IR spectra of the olanzapine and its impurities were recorded in the solid state

as KBr dispersion using Perkin Elmer spectrum 100 series FT-IR spectrophotometer

with DRS (Diffuse Reflectance Sampler) technique.

4.2.5 Mass spectrometry (LC-MS/MS)

LC part of the LC/MS/MS system consisted of an Agilent-1100 series

quaternary gradient pump with a degasser, an auto sampler and a column oven

(Agilent Technologies, USA). MS/MS part of the system contained API-2000 system

(Applied Bio-Systems, Concord, Canada).
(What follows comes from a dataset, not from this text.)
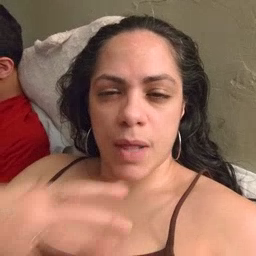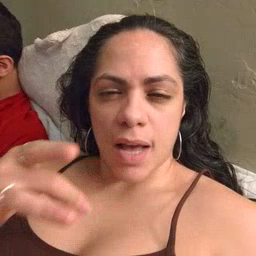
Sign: like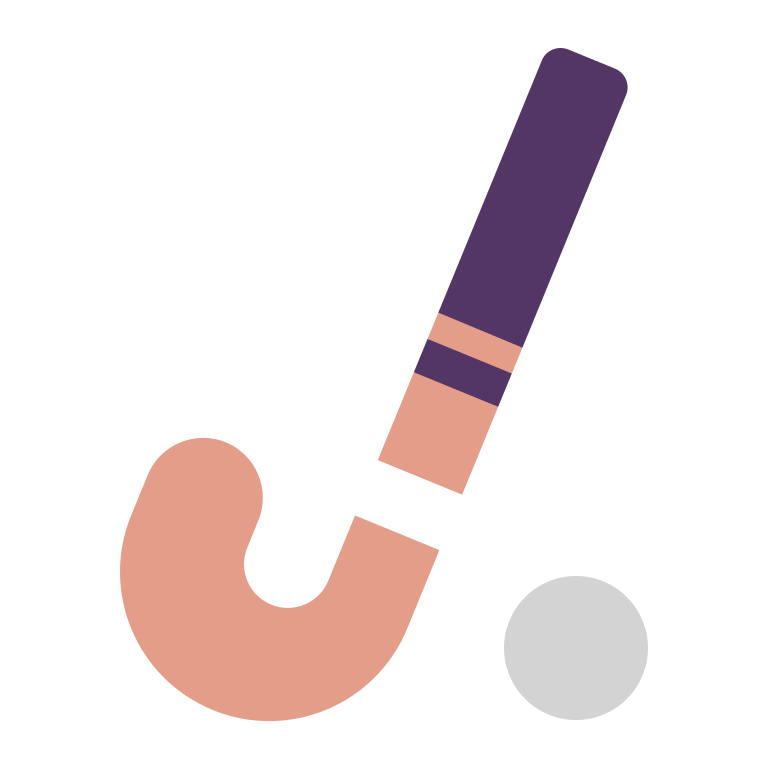
field hockey flat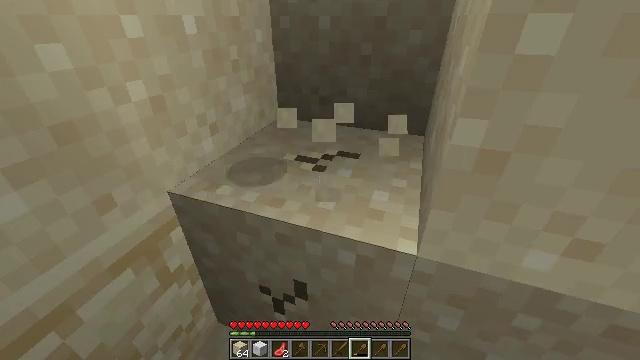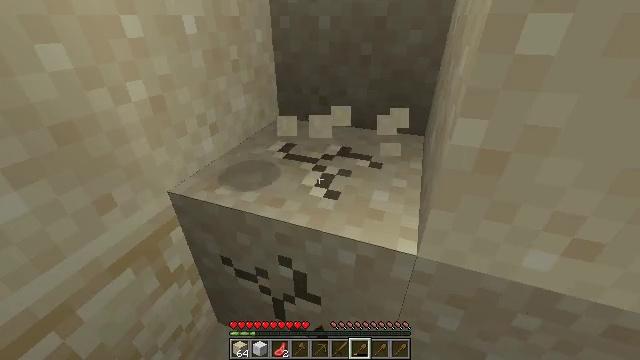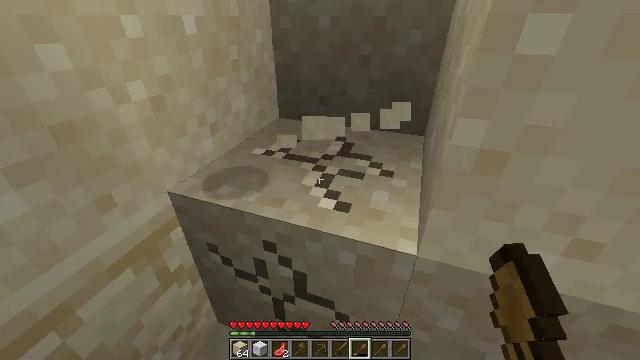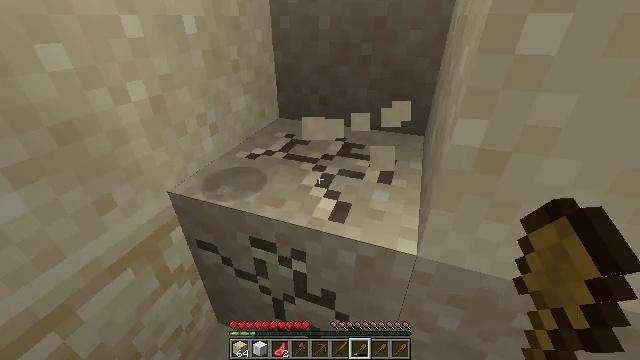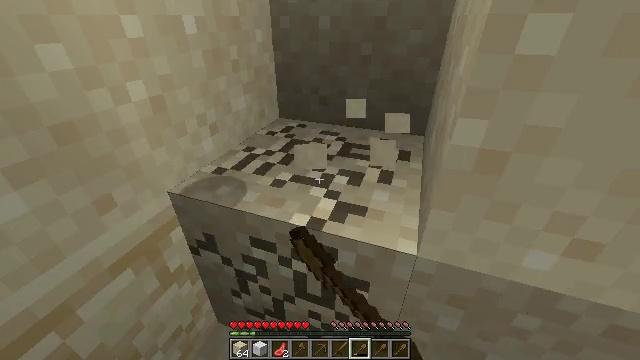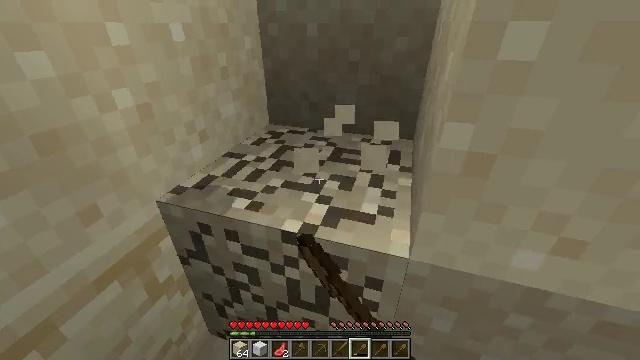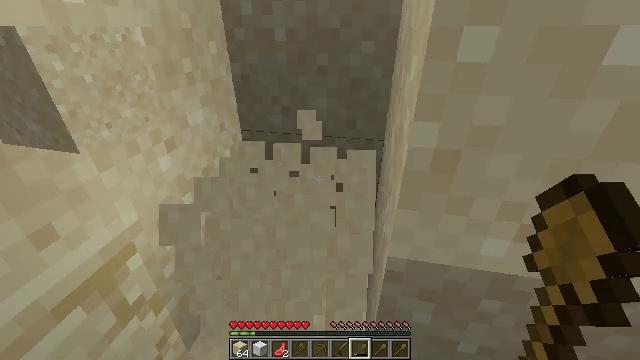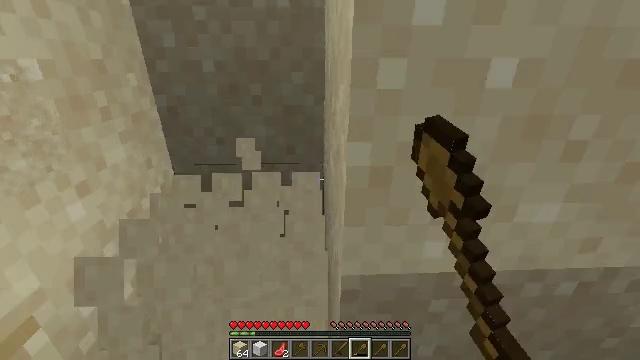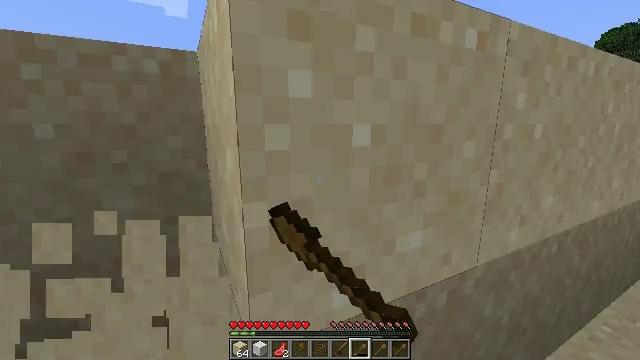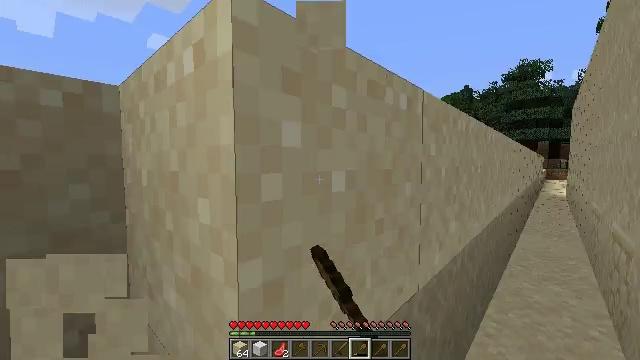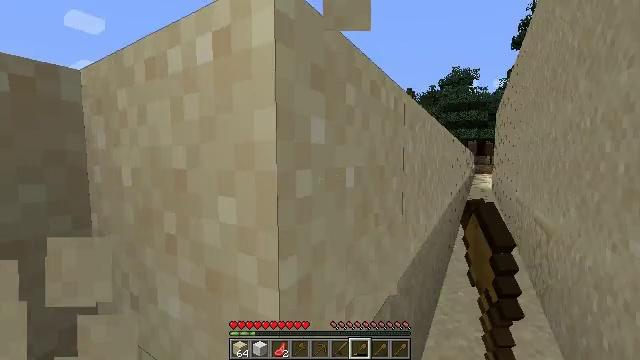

The chromatographic conditions used for

the LC separations were same as described in section 3.2.2. The HPLC effluent was

introduced (30 % of the total effluent) into electron spray ionization (ESI) positive

mode and negative mode at a flow rate of 1.2 ml/min with split ratio of 3:7. The ion

source voltage was maintained at 5500 volts and the capillary temperature was 350

°C. Nitrogen was used both as nebulizer and turbo spray gas. Mass range was tuned to

50-1000 amu. MS/MS studies were carried out by maintaining normalized collision

energy of 35 eV with the m/z range of 50-600 amu. The MS and MS/MS data

obtained for capecitabine and its impurities are given in the Table 4.1.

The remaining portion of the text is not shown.